1. Agree, the time series model can be better viewed as "time-varying volatility" model. They have different roles. SV provides a distribution for pricing, while TS model is used to predict the volatility. But actually they have some relationship as I mentioned. See John Hull (Chapter 22 page 503 8ed) he gives a very simple example showing that GARCH(1,1) model is actually equivalent a stochastic process. Something like a lognormal Vasicek model.

2. Agree. But MC is not good for those models with non-normal density, such as CIR process.
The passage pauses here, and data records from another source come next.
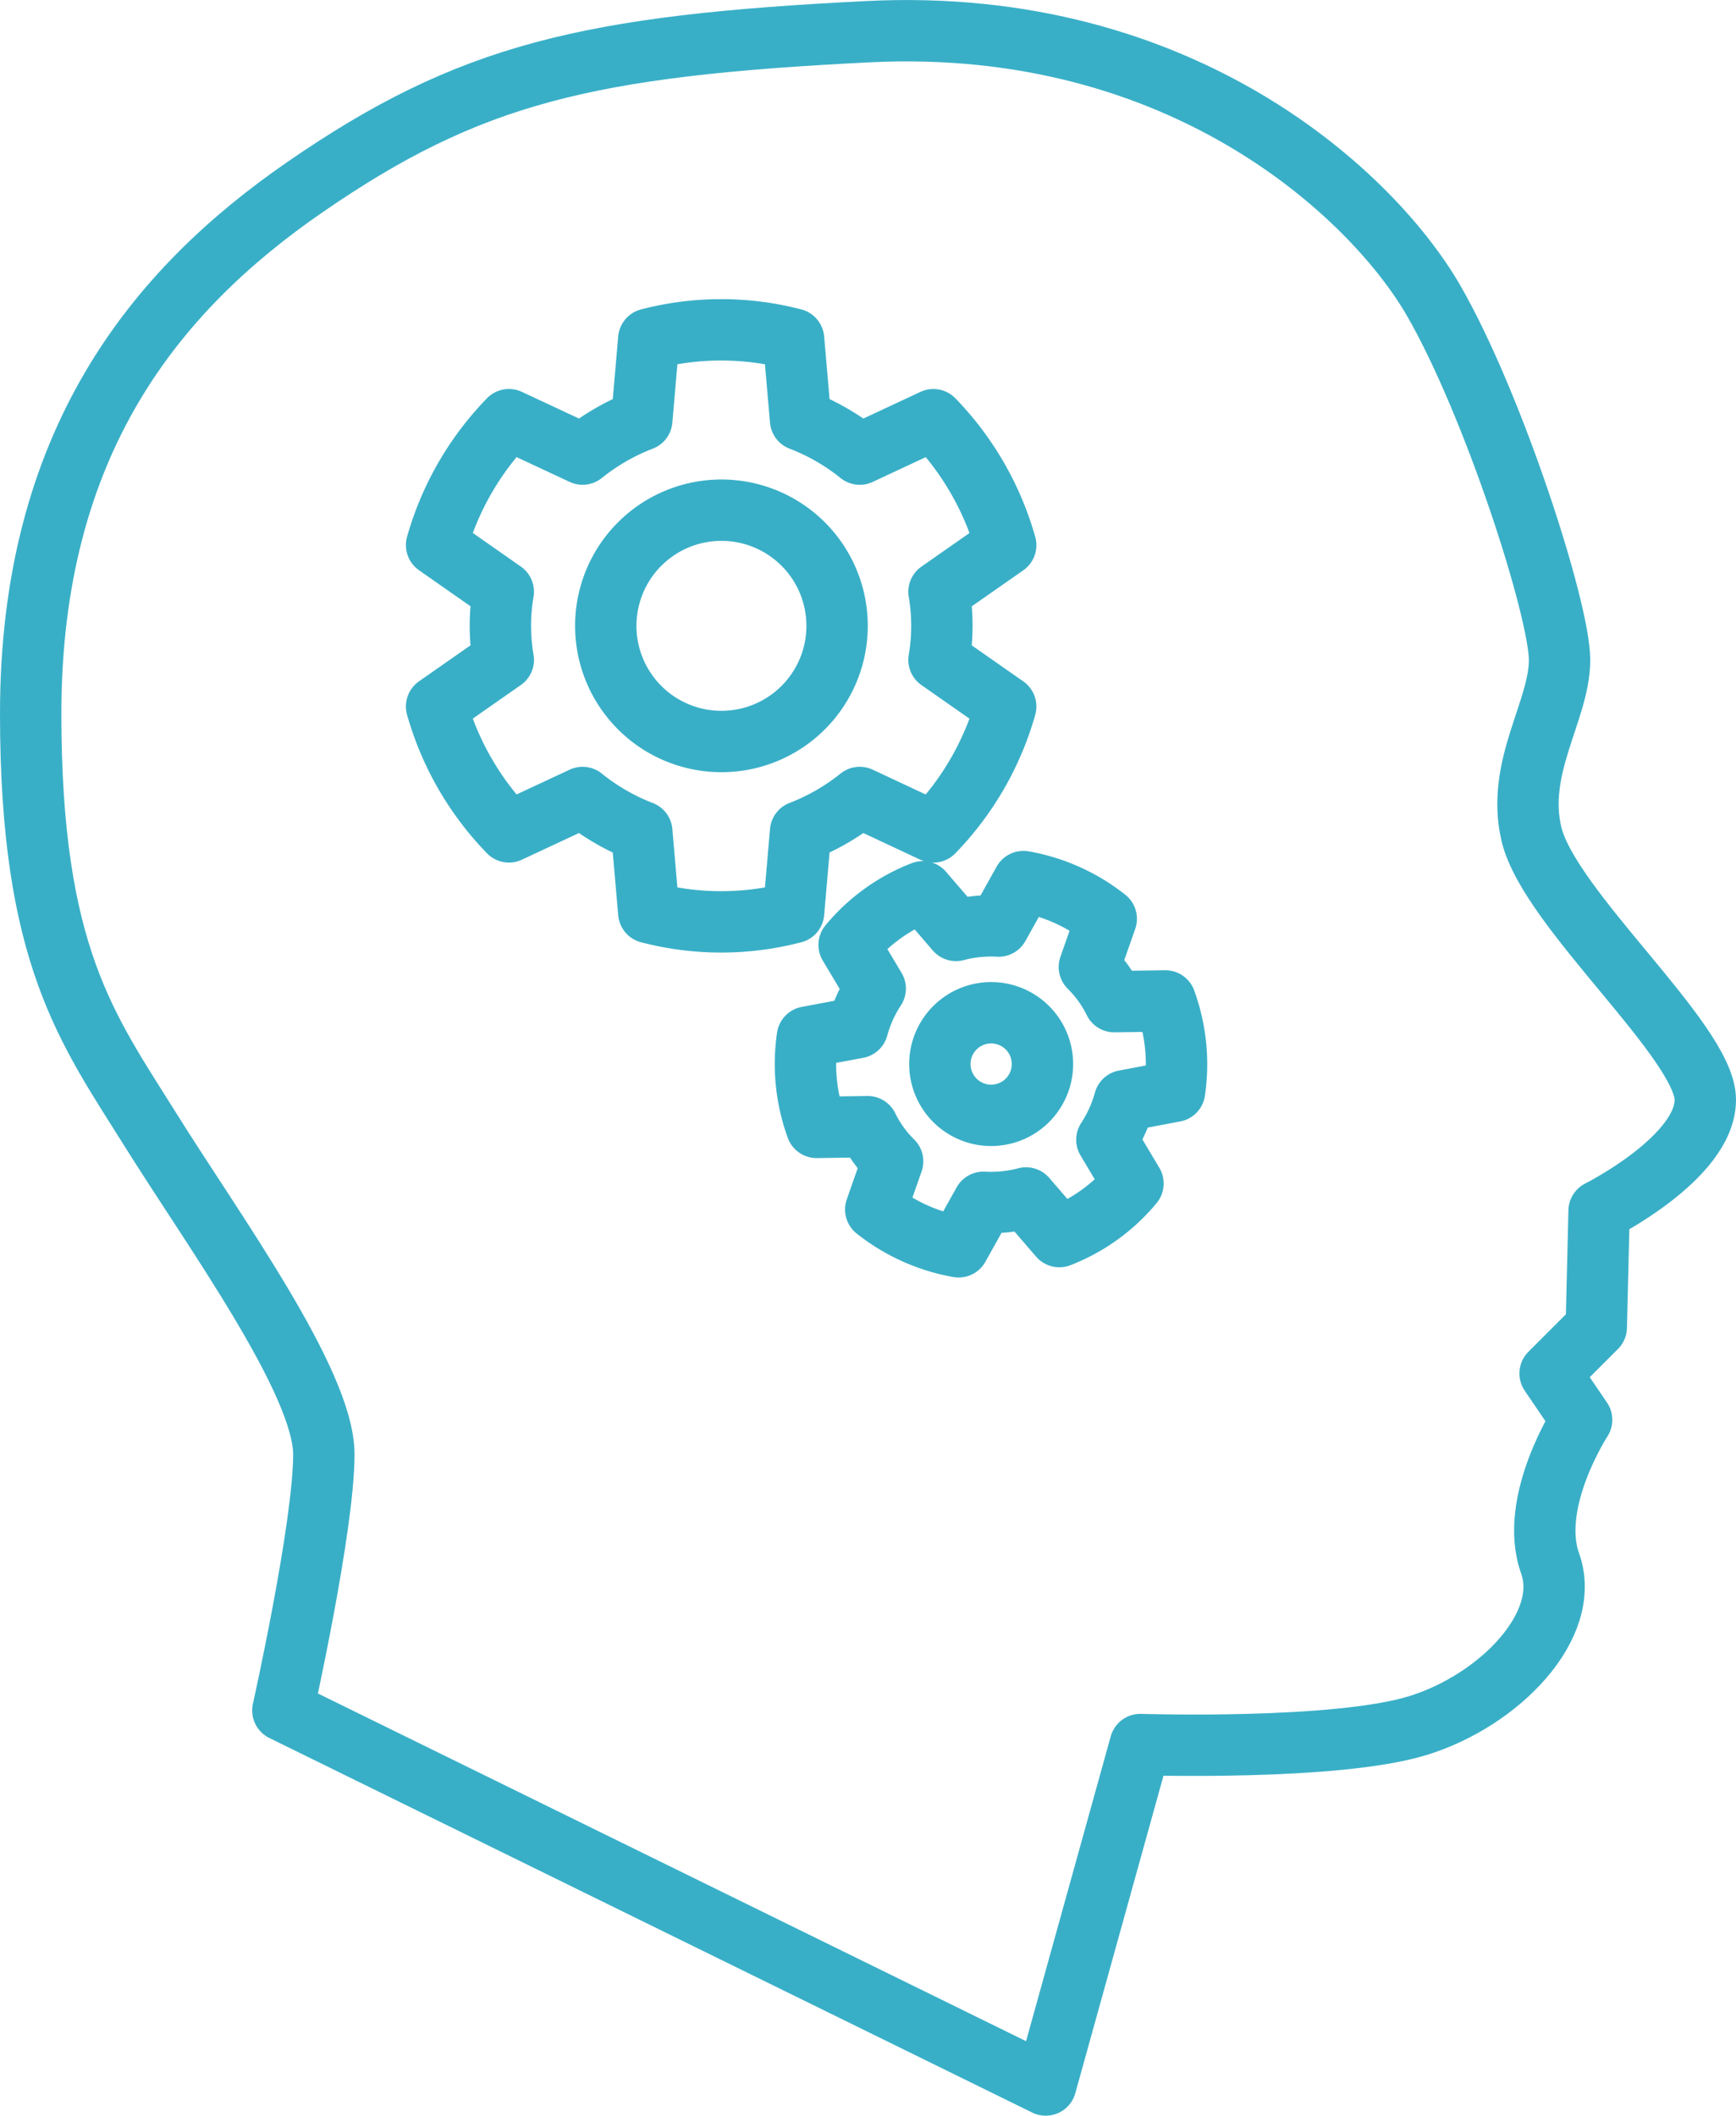 <?xml version="1.0" encoding="UTF-8"?>
<svg xmlns="http://www.w3.org/2000/svg" width="113.148" height="137.883" viewBox="0 0 113.148 137.883">
  <g id="Group_503" data-name="Group 503" transform="translate(-13.334 -3.026)">
    <path id="Path_329" data-name="Path 329" d="M117.559,81.942s6.923-3.464,6.923-7.24S114.328,62.291,113.153,57.4c-1.047-4.368,1.829-8.067,1.829-11.354s-4.315-16.688-8.218-23.446S90.5,4.063,69.908,5.091C51.616,6,43.932,7.825,33.209,15.222c-9.747,6.723-17.875,16.642-17.875,34.312,0,15.793,3.7,20.546,7.807,27.121s11.3,16.436,11.3,21.162S31.77,114.5,31.77,114.5l49.722,24.412,6.164-22.19s12.738.411,18.08-1.232,10.068-6.556,8.63-10.572,2.054-9.358,2.054-9.358l-2.054-3.021,3.009-3.01Z" fill="none" stroke="#39AFC7" stroke-linecap="round" stroke-linejoin="round" stroke-width="4"></path>
    <path id="Path_330" data-name="Path 330" d="M78.883,38.555l-4.347,3.039a13.2,13.2,0,0,1,0,4.44l4.347,3.038a19.246,19.246,0,0,1-4.717,8.173L69.37,55a14.385,14.385,0,0,1-3.856,2.221L65.057,62.5a18.677,18.677,0,0,1-9.438,0l-.456-5.272A14.39,14.39,0,0,1,51.306,55l-4.8,2.241a19.234,19.234,0,0,1-4.716-8.173l4.347-3.038a13.133,13.133,0,0,1,0-4.44l-4.347-3.039a19.24,19.24,0,0,1,4.716-8.173l4.8,2.242A14.364,14.364,0,0,1,55.163,30.4l.456-5.273a18.707,18.707,0,0,1,9.438,0l.457,5.273a14.358,14.358,0,0,1,3.856,2.221l4.8-2.242A19.261,19.261,0,0,1,78.883,38.555ZM60.355,36.276a7.538,7.538,0,1,0,7.538,7.538A7.537,7.537,0,0,0,60.355,36.276Z" fill="none" stroke="#39AFC7" stroke-linecap="round" stroke-linejoin="round" stroke-width="4"></path>
    <path id="Path_331" data-name="Path 331" d="M85.436,62.906l-1.1,3.14a8.956,8.956,0,0,1,.909,1.06,9.114,9.114,0,0,1,.718,1.2l3.326-.047a12.077,12.077,0,0,1,.6,5.888l-3.262.617a9,9,0,0,1-1.149,2.543l1.7,2.851a11.709,11.709,0,0,1-4.8,3.459L80.208,81.1a8.976,8.976,0,0,1-2.776.283l-1.619,2.9a12.068,12.068,0,0,1-5.4-2.431l1.1-3.139a8.277,8.277,0,0,1-1.628-2.259l-3.325.047a12.066,12.066,0,0,1-.6-5.888L69.23,70a8.974,8.974,0,0,1,1.148-2.544l-1.7-2.85a11.709,11.709,0,0,1,4.8-3.459l2.165,2.516a8.985,8.985,0,0,1,2.777-.283l1.619-2.9A12.063,12.063,0,0,1,85.436,62.906ZM75.982,69.66a3.343,3.343,0,1,0,4.666.759A3.343,3.343,0,0,0,75.982,69.66Z" fill="none" stroke="#39AFC7" stroke-linecap="round" stroke-linejoin="round" stroke-width="4"></path>
  </g>
</svg>

3. As I know, Heston has a "closed" form solution in frequency domain, not in time domain. At last, still need numerical integral. What people usually do for SV model now is to use numerical method to find the joint density of the price and volatility. Then you can either use MLE to estimate the parameters or use numerical integral to do the pricing.

best,

我想到了一个有意思的问题：
给我股票数据，在常波动率假设下通过计量统计技术可以算出“波动率”；如果在随机波动率假设下，我希望能“逆向计算”出波动率的轨迹，或者退一步计算出和波动率有关的一条轨迹。如果波动率只是价格的函数，上述想法是可行的。如果波动率被另外的随机源驱动，得到的轨迹也许是某种“平滑”的结果。

Good thinking. This is probably another way to link the stochastic process with time series model.